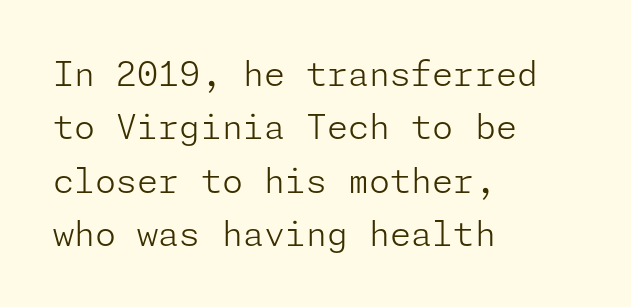
{"serif": "no", "italic": "no", "bold": "no", "weight": "light", "width": "normal", "stroke_contrast": "low", "x_height": "medium", "underline": "no", "align": "left", "line_spacing": "normal", "line_spacing_ratio": 1.57, "letter_spacing": "normal", "letter_spacing_em": 0.0, "glyph_px": 34}
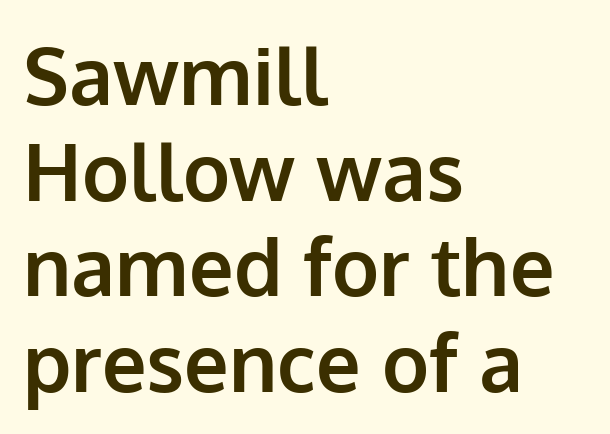
Q: Is the text bold? A: Yes.
Q: Is the text italic (slanted)? A: No, it is upright.
Q: Is the typeface a serif or a sans-serif typeface? A: Sans-serif.
Q: Is the text underlined? A: No.
Q: How is the paragraph aligned? A: Left-aligned.
Q: Is the spacing between letters normal or unusually wide? A: Normal.
Q: Width (condensed, normal, or wide)? A: Normal.
Q: Stroke contrast? A: Low.
Q: x-height? A: Medium.
Q: Monospaced? A: No.
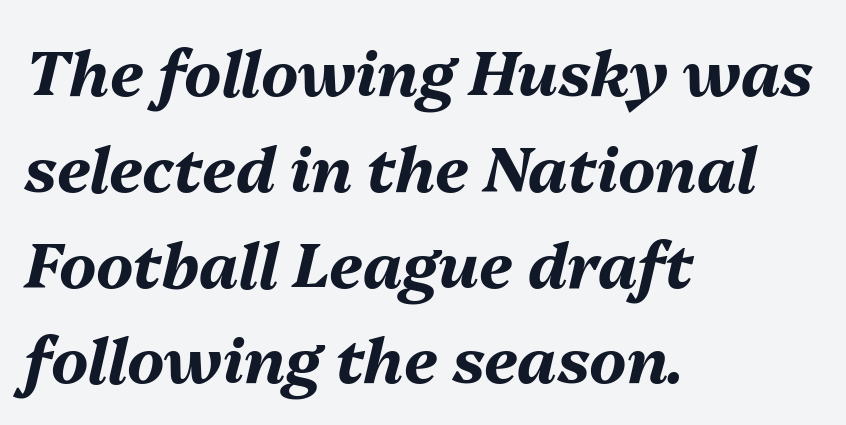
Q: Is the text bold? A: Yes.
Q: Is the text italic (slanted)? A: Yes, it leans right by about 13 degrees.
Q: Is the text underlined? A: No.
Q: How is the paragraph aligned? A: Left-aligned.
Q: Is the spacing between letters normal or unusually wide? A: Normal.
Q: Is the spacing between lines tight, normal or loose? A: Normal.
Q: Width (condensed, normal, or wide)? A: Normal.
Q: Stroke contrast? A: Medium.
Q: x-height? A: Medium.
Q: Monospaced? A: No.
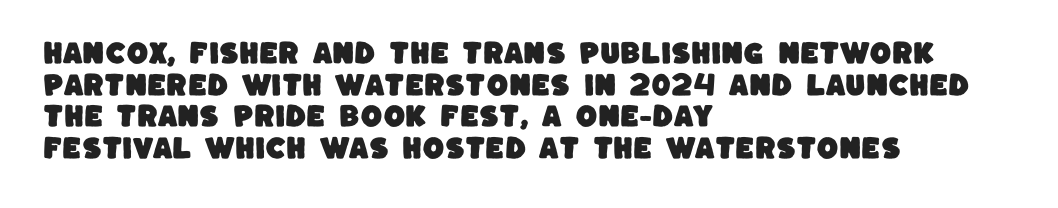
Q: Is the text underlined? A: No.
Q: How is the paragraph aligned? A: Left-aligned.
Q: Is the spacing between letters normal or unusually wide? A: Normal.
Q: Is the spacing between lines tight, normal or loose? A: Normal.
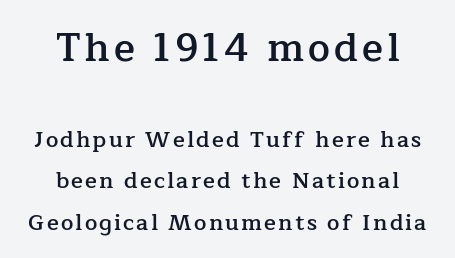
{"serif": "yes", "italic": "no", "bold": "semi", "weight": "semibold", "width": "normal", "stroke_contrast": "low", "x_height": "medium", "monospaced": "no", "underline": "no", "align": "center", "line_spacing_ratio": 1.89, "larger_block": "first", "size_ratio": 1.77, "glyph_px": 39}
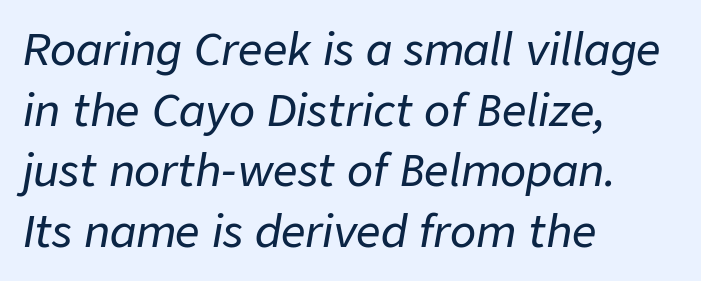
Q: Is the text italic (slanted)? A: Yes, it leans right by about 9 degrees.
Q: Is the text underlined? A: No.
Q: How is the paragraph aligned? A: Left-aligned.
Q: Is the spacing between letters normal or unusually wide? A: Normal.
Q: Is the spacing between lines tight, normal or loose? A: Normal.
Q: Width (condensed, normal, or wide)? A: Normal.
Q: Stroke contrast? A: Low.
Q: x-height? A: Medium.
Q: Monospaced? A: No.
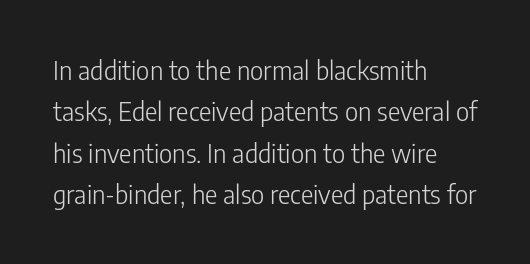
Q: Is the text bold? A: No.
Q: Is the text italic (slanted)? A: No, it is upright.
Q: Is the text underlined? A: No.
Q: How is the paragraph aligned? A: Left-aligned.
Q: Is the spacing between letters normal or unusually wide? A: Normal.
Q: Is the spacing between lines tight, normal or loose? A: Normal.
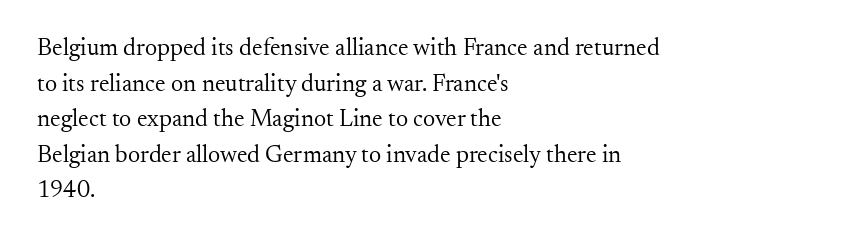
Q: Is the text bold? A: No.
Q: Is the text italic (slanted)? A: No, it is upright.
Q: Is the text underlined? A: No.
Q: How is the paragraph aligned? A: Left-aligned.
Q: Is the spacing between letters normal or unusually wide? A: Normal.
Q: Is the spacing between lines tight, normal or loose? A: Normal.
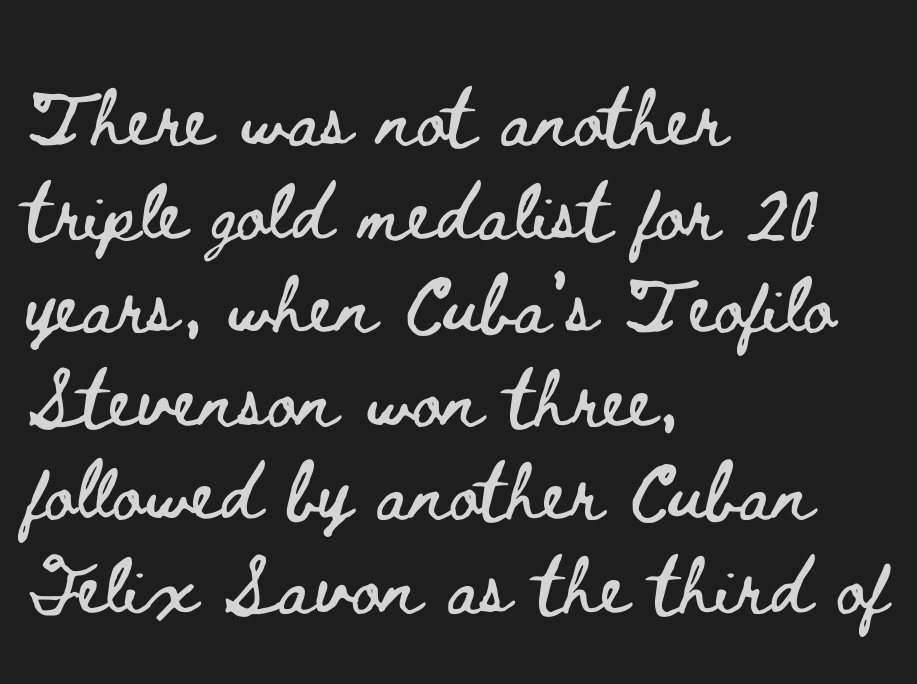
Q: Is the text italic (slanted)? A: Yes.
Q: Is the text underlined? A: No.
Q: How is the paragraph aligned? A: Left-aligned.
Q: Is the spacing between letters normal or unusually wide? A: Normal.
Q: Is the spacing between lines tight, normal or loose? A: Normal.
Q: Width (condensed, normal, or wide)? A: Wide.
Q: Stroke contrast? A: Low.
Q: x-height? A: Small.
Q: Monospaced? A: No.
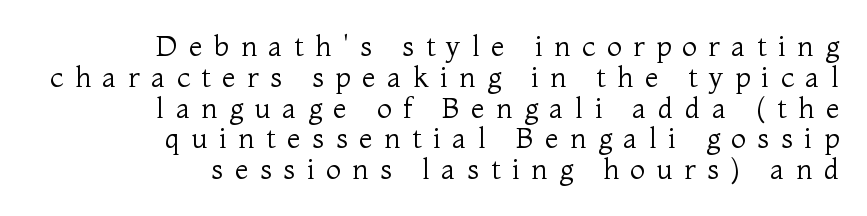
The image shows 28 px regular-weight serif type, upright; set right-aligned, tight line spacing (1.1x), unusually wide letter spacing (+0.41 em), not underlined; medium stroke contrast and a medium x-height.
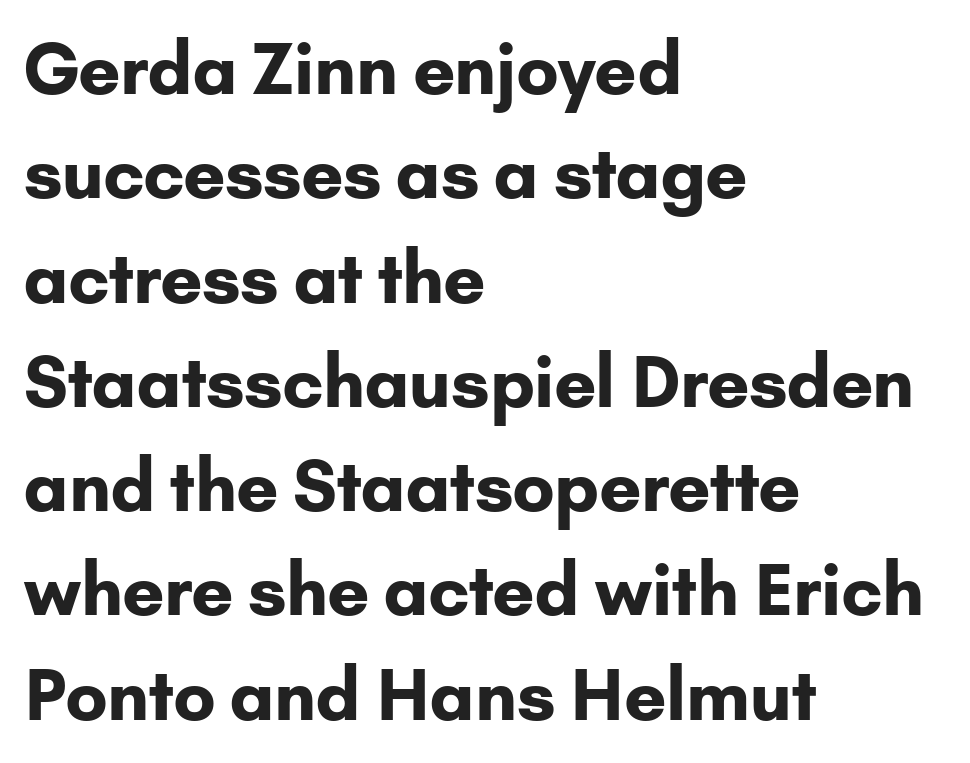
{"serif": "no", "italic": "no", "bold": "yes", "weight": "bold", "width": "normal", "stroke_contrast": "low", "x_height": "small", "monospaced": "no", "underline": "no", "align": "left", "line_spacing": "normal", "line_spacing_ratio": 1.49, "letter_spacing": "normal", "letter_spacing_em": 0.0, "glyph_px": 70}
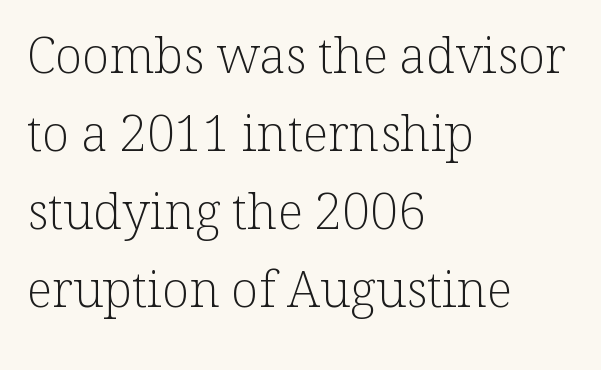
Ordinary non-slanted type is in use. Looks like regular typesetting: each glyph gets only the width it needs. Is the letter spacing exaggerated? No — it looks like the ordinary default. Only glyphs here, with clear space below each row.
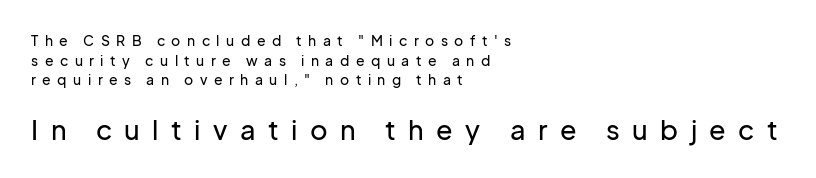
Q: Is the text italic (slanted)? A: No, it is upright.
Q: Is the text underlined? A: No.
Q: How is the paragraph aligned? A: Left-aligned.
Q: Is the spacing between letters normal or unusually wide? A: Unusually wide.
Q: Is the spacing between lines tight, normal or loose? A: Normal.
Q: Which block of text is set in a larger size, the first (top) or the second (bottom)? A: The second (bottom) one.
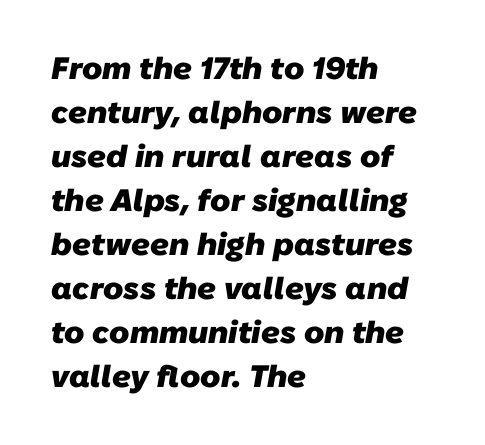
The image shows 31 px heavy sans-serif type; set left-aligned, normal line spacing (1.42x), normal letter spacing, not underlined; low stroke contrast and a medium x-height.
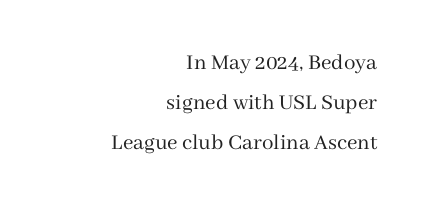
The image shows 23 px text type, upright; set right-aligned, line spacing 1.74x, normal letter spacing, not underlined.
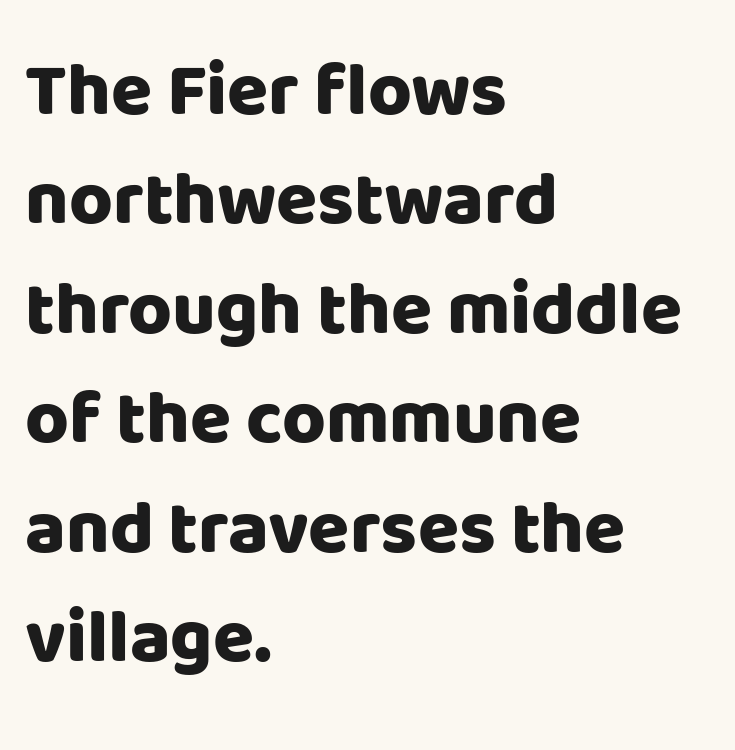
The image shows 75 px heavy sans-serif type, upright; set left-aligned, normal line spacing (1.46x), normal letter spacing, not underlined; low stroke contrast and a large x-height.
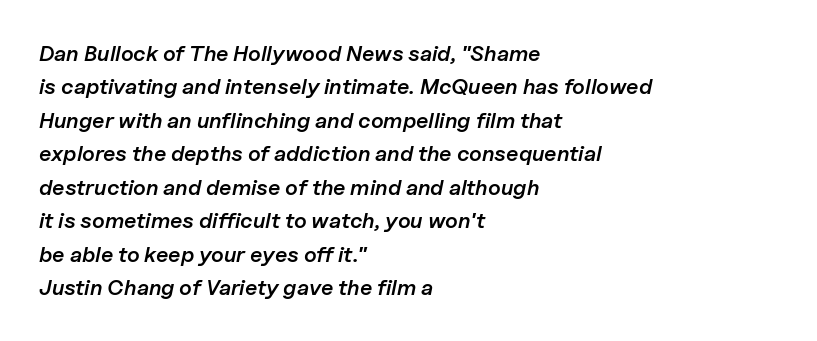
Honestly, there is no underline to notice here at all. Vertical spacing — default. The rendering keeps characters at their native spacing. Its strokes are somewhat broadened, the hallmark of semibold type. Yep, that's italic — everything's leaning. This sample is left-justified, so line endings fall wherever the words run out.
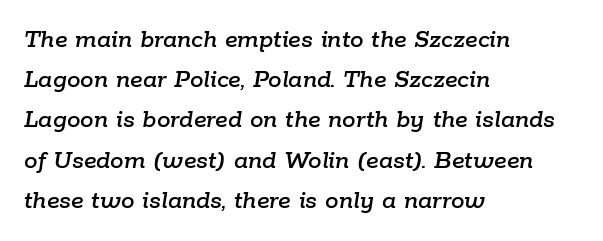
It's the slanting kind of type. Here the glyphs are tracked normally, forming tight word shapes. This sample is left-justified, so line endings fall wherever the words run out. A clean baseline with only descenders dipping below it. What's the leading like? Ordinary, nothing unusual.
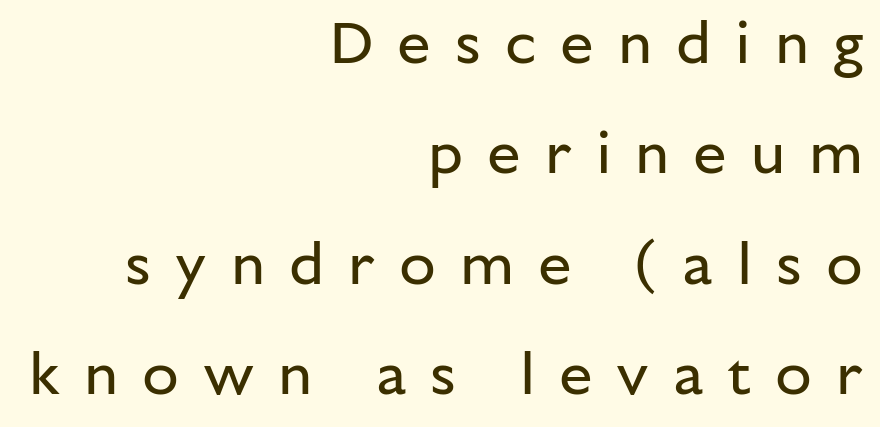
{"serif": "no", "italic": "no", "bold": "no", "weight": "regular", "width": "normal", "stroke_contrast": "low", "x_height": "medium", "monospaced": "no", "underline": "no", "align": "right", "line_spacing_ratio": 1.84, "letter_spacing": "wide", "letter_spacing_em": 0.4, "glyph_px": 60}
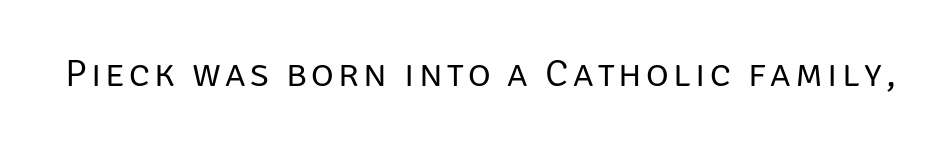
The image shows 39 px regular-weight sans-serif type, upright; set not underlined; low stroke contrast and a large x-height.
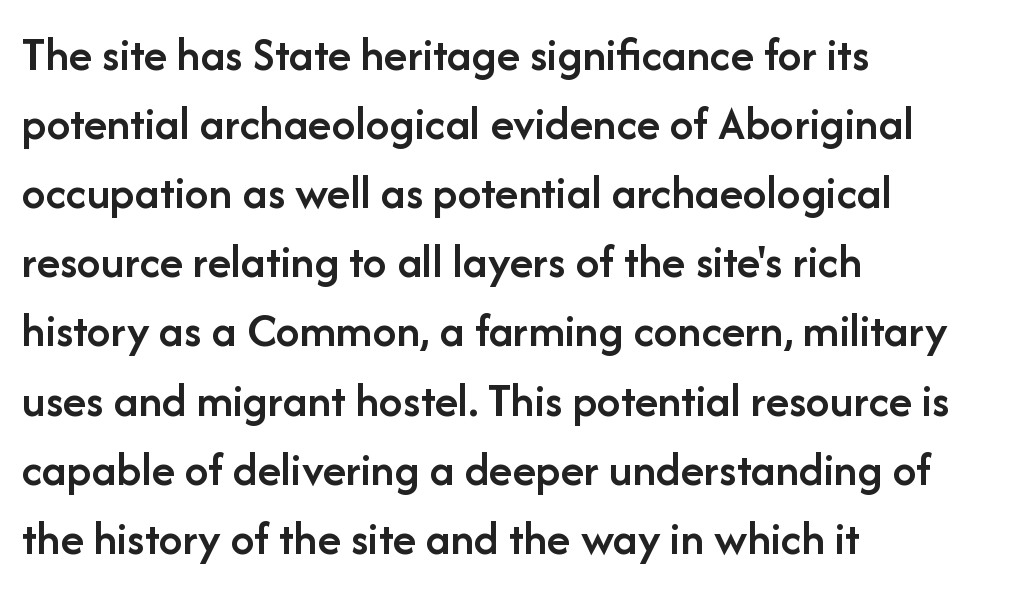
Reading down the column, the eye jumps a familiar distance to each next line. Proportional: the letters do not fall into vertical columns. Spacing between characters is what you'd get straight out of the box. A sans-serif font was chosen for this passage. Posture: vertical. Glance below the letters and you will spot only blank space.
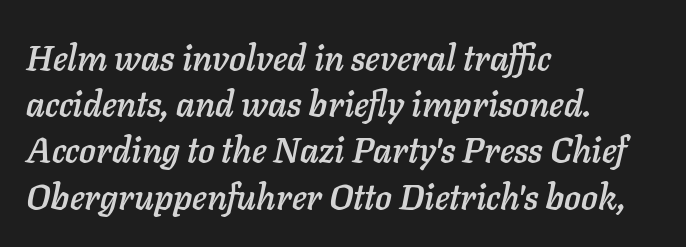
Q: Is the text italic (slanted)? A: Yes, it leans right by about 11 degrees.
Q: Is the text underlined? A: No.
Q: How is the paragraph aligned? A: Left-aligned.
Q: Is the spacing between letters normal or unusually wide? A: Normal.
Q: Is the spacing between lines tight, normal or loose? A: Normal.
Q: Width (condensed, normal, or wide)? A: Normal.
Q: Stroke contrast? A: Low.
Q: x-height? A: Medium.
Q: Monospaced? A: No.
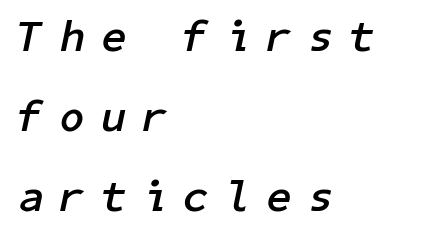
The image shows 44 px semibold type, italic (leaning right); set left-aligned, line spacing 1.82x, unusually wide letter spacing (+0.39 em), not underlined; low stroke contrast and a medium x-height.
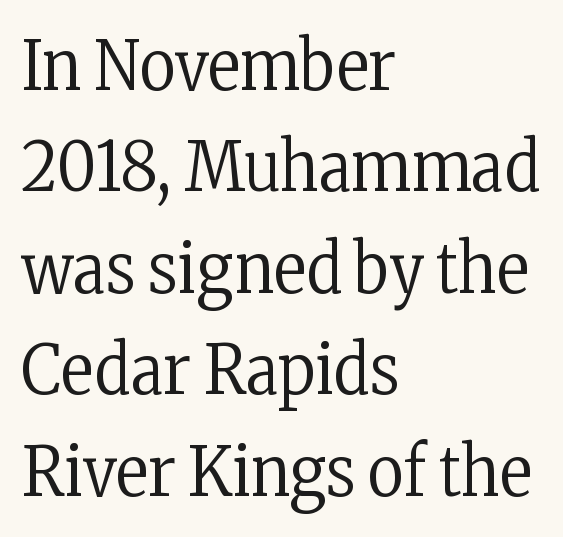
The image shows 69 px regular-weight, condensed serif type, upright; set left-aligned, normal line spacing (1.47x), normal letter spacing, not underlined; low stroke contrast and a medium x-height.
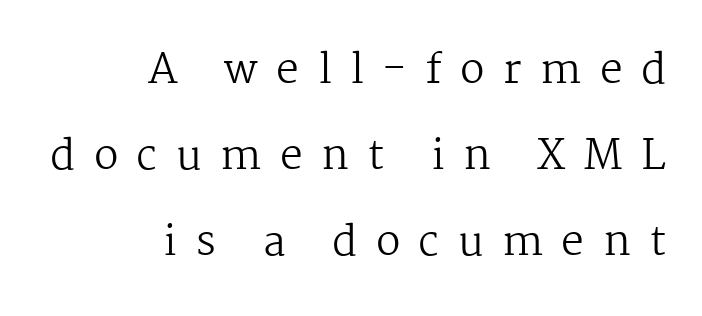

■ ■ ■ ■ ■

TASK GOAL ::
Across the whole listing above, find every line with the string "degrees" and copy it.

WRITTEN SOLUTION ::
Q: Is the text italic (slanted)? A: Yes, it leans right by about 13 degrees.
Q: Is the text italic (slanted)? A: Yes, it leans right by about 9 degrees.
Q: Is the text italic (slanted)? A: Yes, it leans right by about 11 degrees.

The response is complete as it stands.